ECLI:NL:CRVB:2014:2511
Centrale Raad van Beroep
- Hoger beroep
- Rechtspraak.nl
Afwijzing aanvraag voor Taxi Plus op basis van geschiktheid voor openbaar vervoer
In deze zaak heeft de Centrale Raad van Beroep op 23 juli 2014 uitspraak gedaan in hoger beroep tegen de beslissing van de rechtbank Groningen. De appellante, geboren in 1949, had een aanvraag ingediend voor de voorziening 'Taxi Plus' op grond van de Wet maatschappelijke ondersteuning (Wmo) vanwege haar gezondheidsproblemen, waaronder een functiestoornis van het hart en een chronische longaandoening.

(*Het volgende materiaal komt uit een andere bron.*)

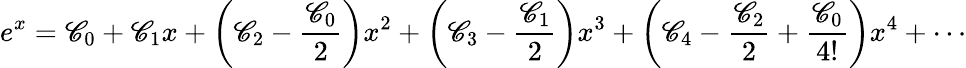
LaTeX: e^{x}=\mathscr{C}_{0}+\mathscr{C}_{1}x+\left(\mathscr{C}_{2}-{\frac{{\mathscr{C}_{0}}}{{2}}}\right)x^{2}+\left(\mathscr{C}_{3}-{\frac{{\mathscr{C}_{1}}}{{2}}}\right)x^{3}+\left(\mathscr{C}_{4}-{\frac{{\mathscr{C}_{2}}}{{2}}}+{\frac{{\mathscr{C}_{0}}}{{4!}}}\right)x^{4}+\cdots
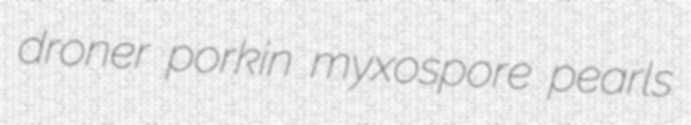
droner porkin myxospore pearls
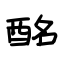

Het college van burgemeester en wethouders van Bellingwedde heeft deze aanvraag op 27 augustus 2010 afgewezen, omdat appellante in staat werd geacht gebruik te maken van het openbaar vervoer.
De appellante heeft bezwaar gemaakt tegen deze afwijzing, waarbij zij aanvoerde dat een rapport van de GGD Groningen niet was betrokken bij de beoordeling. Het college verklaarde het bezwaar ongegrond bij besluit van 24 januari 2012. De rechtbank Groningen heeft het beroep van appellante tegen dit besluit ongegrond verklaard, wat leidde tot het hoger beroep bij de Centrale Raad van Beroep.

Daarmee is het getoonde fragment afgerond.